NGOs in Brazil Demand Lula Take a Firm Stand on Ortega
Ten organizations in solidarity with Nicaragua in Brazil remind the president of the serious situation of Daniel Ortega’s political prisoners
HAVANA TIMES – Ten networks of Brazilian organizations in solidarity with Nicaragua demanded in a letter to President Luiz Inacio Lula da Silva a “clear and consistent” position regarding the Central American country, immersed in a serious human rights situation.
The letter was delivered on Monday, January 23, with a copy to the current Foreign Minister Mauro Vieira. It urged them to be an active voice in the search for ways that lead the regime to respect citizen rights and recover a democratic path for Nicaragua.
The groups signing remind Lula of the “inhuman conditions” of the more than 235 political prisoners in Nicaragua, and the death of retired general Hugo Torres, 73, in February 2022, while in captivity.
“We appeal to the new Brazilian government to indicate a clear position on human rights violations in Nicaragua, in order to add to the denunciations made in international forums, including the United Nations, and encourage the creation of channels of mediation and negotiation for the release of political prisoners and respect for human rights in the Central American country,” the letter states.
Among the signatories is the Catholic Working Youth, the Brazilian Association of Non-Governmental Organizations —one of the largest in that South American country—, and groups made up of political prisoners from Brazil’s dictatorship of the 1970s: RJ-Memoria, Verdad, Justicia and Repair, Fernando Santa Cruz, among others.
They further remind Lula of what he said in his interviews that it is the role of Nicaraguans to seek the best for their country, but they also make him see that those who try to do this are threatened, imprisoned, or forced into exile, and mention that the two attempts at dialogue in 2018 and 2019 were aborted due to Ortega’s non-compliance.
“Thousands of Nicaraguans are fleeing the political, economic, and social crisis, overwhelmed by fear and hopelessness; however, due to the peripheral nature of the country in geopolitics, they remain invisible and silenced. That is why we are looking for allies that can at least shed light on the conflicts that Nicaraguans face, to find strength and solidarity on the path to the recovery of democracy in Nicaragua,” they explained.

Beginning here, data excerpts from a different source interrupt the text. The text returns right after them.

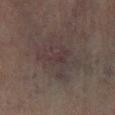No biopsy was performed on this lesion — it was imaged during a full skin examination and was not determined to be concerning. A lesion tile, about 15 mm wide, cut from a 3D total-body photograph. A female subject in their 80s. The tile uses cross-polarized illumination. On the left lower leg. The total-body-photography lesion software estimated a lesion area of about 19 mm² and a symmetry-axis asymmetry near 0.3. Measured at roughly 6 mm in maximum diameter.
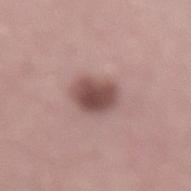  biopsy_status: not biopsied; imaged during a skin examination
  lesion_size:
    long_diameter_mm_approx: 3.5
  site: back
  automated_metrics:
    area_mm2_approx: 9.0
    eccentricity: 0.55
    shape_asymmetry: 0.15
    cielab_L: 48
    cielab_a: 20
    cielab_b: 20
    vs_skin_contrast_norm: 10.0
    border_irregularity_0_10: 1.5
    peripheral_color_asymmetry: 1.0
    nevus_likeness_0_100: 80
    lesion_detection_confidence_0_100: 100
  patient:
    sex: male
    age_approx: 50
  image:
    source: total-body photography crop
    field_of_view_mm: 15
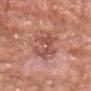workup=no biopsy performed (imaged during a skin exam)
patient=male, roughly 80 years of age
size=≈5.5 mm
imaging modality=~15 mm tile from a whole-body skin photo
image-analysis metrics=an eccentricity of roughly 0.8; a lesion–skin lightness drop of about 9 and a normalized border contrast of about 6; a nevus-likeness score of about 0/100 and lesion-presence confidence of about 100/100
tile lighting=white-light
site=the head or neck
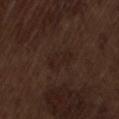{"biopsy_status": "not biopsied; imaged during a skin examination", "site": "lower back", "image": {"source": "total-body photography crop", "field_of_view_mm": 15}, "patient": {"sex": "male", "age_approx": 70}}

The pronouncement of the organizations was delivered, while Lula was heading to the summit of the Community of Latin American and Caribbean States (CELAC), which is being held in Argentina and in which Nicaragua participates, represented by its Foreign Minister Denis Moncada.
“We believe that the Nicaraguan crisis will not be resolved with simplistic ideological solutions. The Nicaraguan people do not want more violence, they do not want more deaths, they want to live in peace and democracy,” the groups stated in the document, delivered just over twenty days after Lula assumed power, and two weeks since the failed coup attempt carried out by supporters of the extreme right, sympathizers of Jair Bolsonaro.